• _How to complete this task_
Copy every record word for word. The images stay behind.

• _Extracted data_
··········
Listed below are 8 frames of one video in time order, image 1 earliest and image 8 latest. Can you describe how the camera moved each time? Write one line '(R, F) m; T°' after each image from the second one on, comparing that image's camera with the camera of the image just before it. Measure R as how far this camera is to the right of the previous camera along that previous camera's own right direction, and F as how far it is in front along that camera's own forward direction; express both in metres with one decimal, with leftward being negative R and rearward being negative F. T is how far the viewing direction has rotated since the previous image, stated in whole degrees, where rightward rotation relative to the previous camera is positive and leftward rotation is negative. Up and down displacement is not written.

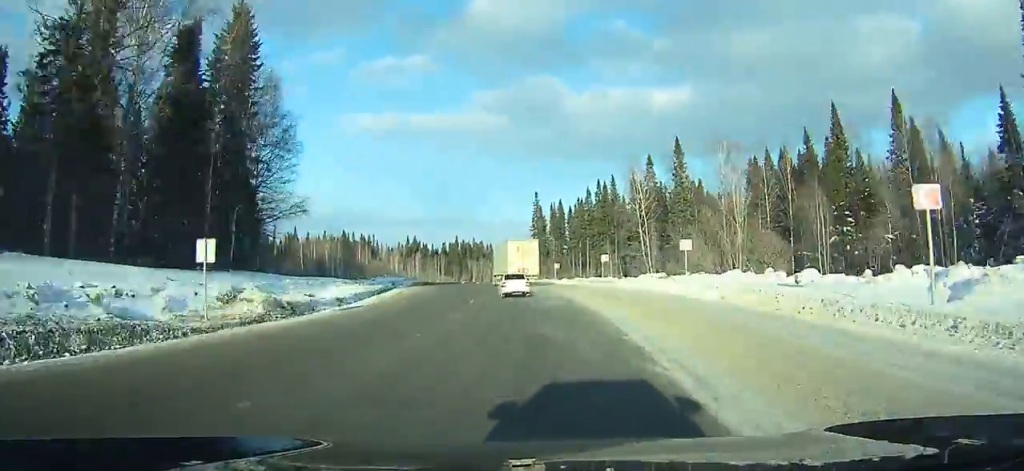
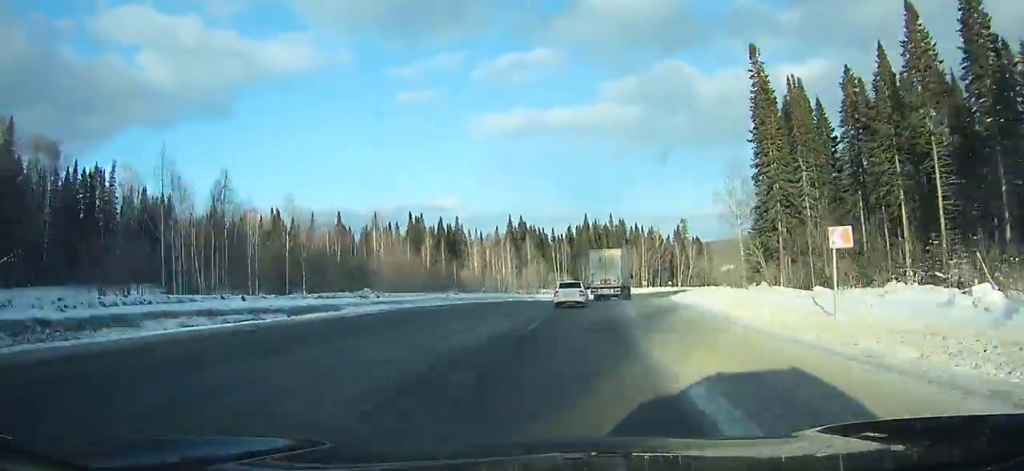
(-9.8, +99.7) m; -7°
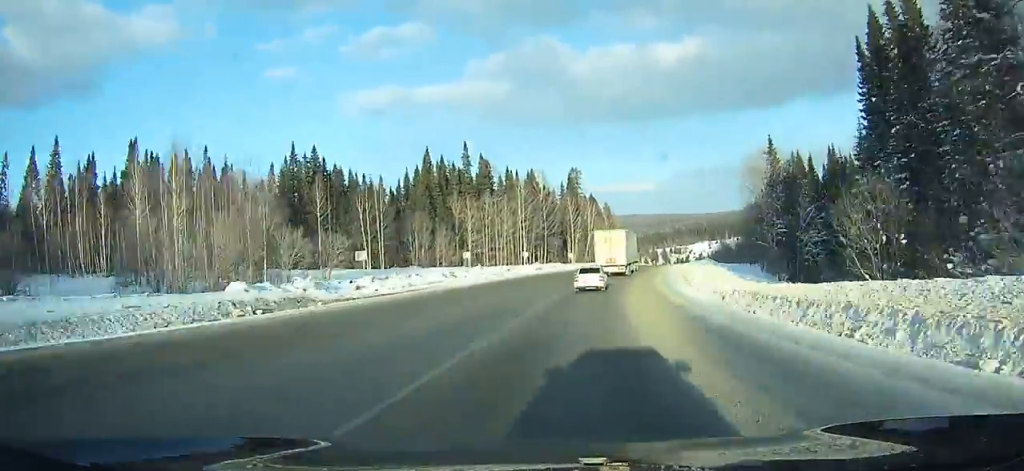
(+3.6, +81.1) m; +8°
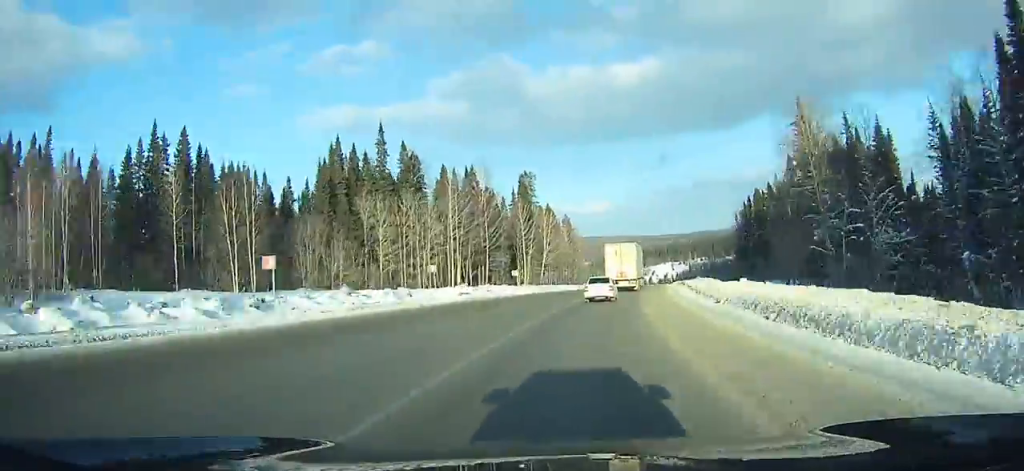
(+0.7, +29.1) m; +4°
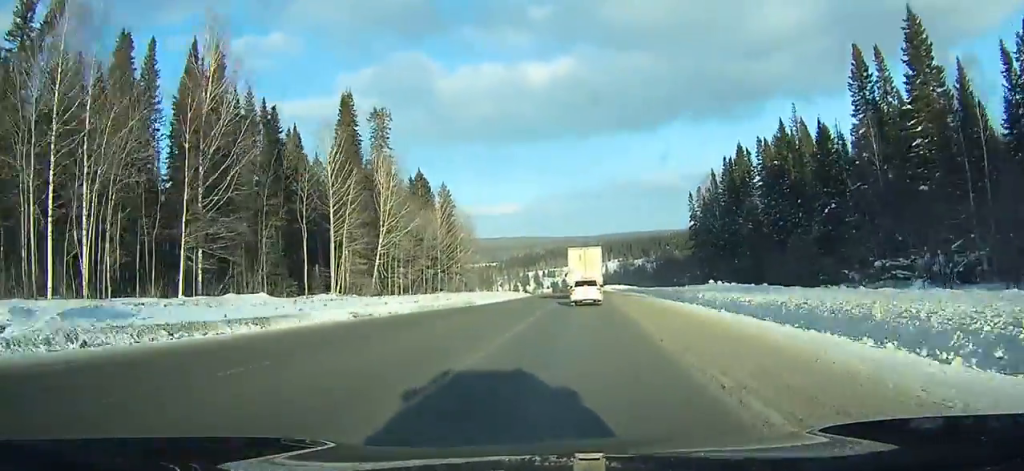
(+3.6, +58.4) m; +5°
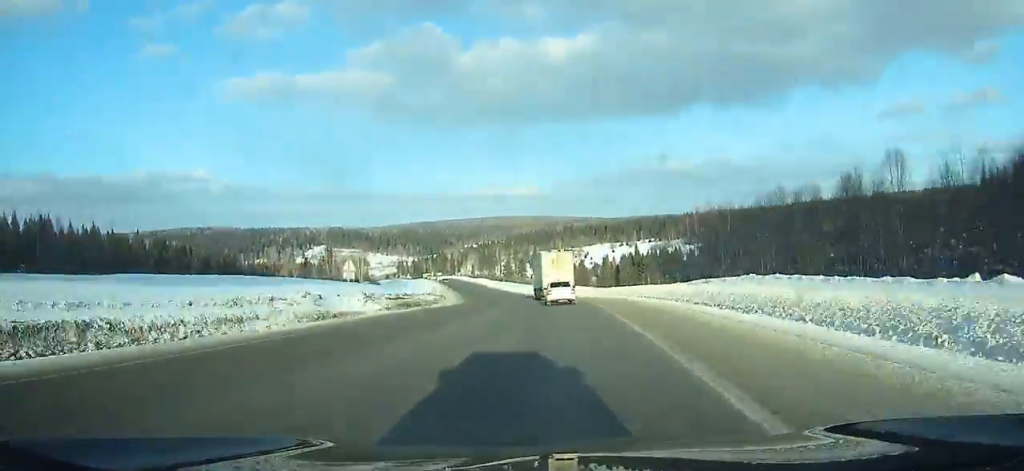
(+5.7, +126.6) m; +2°
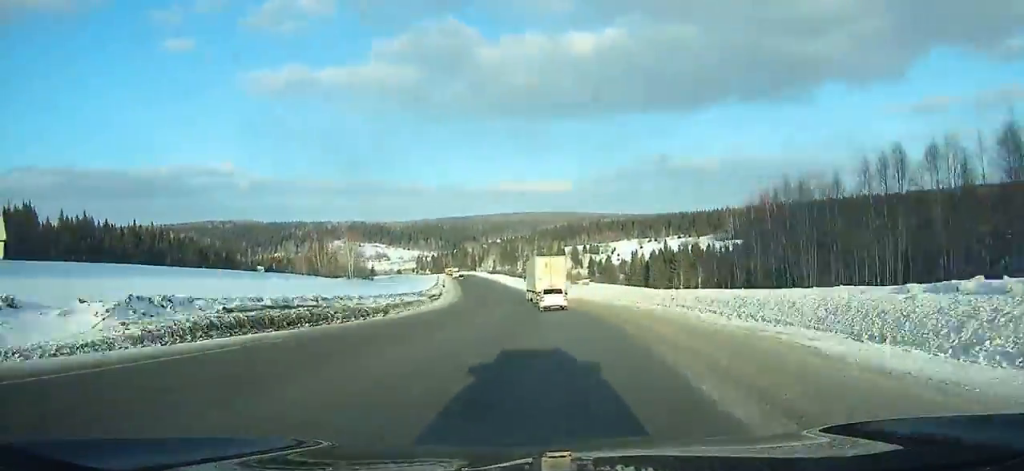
(+0.7, +22.8) m; -1°
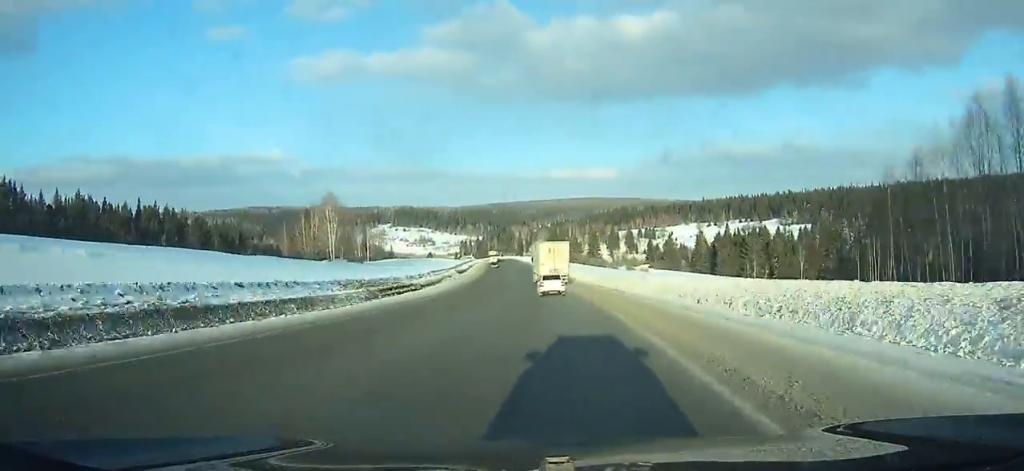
(-1.1, +34.5) m; -4°
··········
• _Completed exercise_
Listed below are 8 frames of one video in time order, image 1 earliest and image 8 latest. Can you describe how the camera moved each time? Write one line '(R, F) m; T°' after each image from the second one on, comparing that image's camera with the camera of the image just before it. Measure R as how far this camera is to the right of the previous camera along that previous camera's own right direction, and F as how far it is in front along that camera's own forward direction; express both in metres with one decimal, with leftward being negative R and rearward being negative F. T is how far the viewing direction has rotated since the previous image, stated in whole degrees, where rightward rotation relative to the previous camera is positive and leftward rotation is negative. Up and down displacement is not written.

(-9.8, +99.7) m; -7°
(+3.6, +81.1) m; +8°
(+0.7, +29.1) m; +4°
(+3.6, +58.4) m; +5°
(+5.7, +126.6) m; +2°
(+0.7, +22.8) m; -1°
(-1.1, +34.5) m; -4°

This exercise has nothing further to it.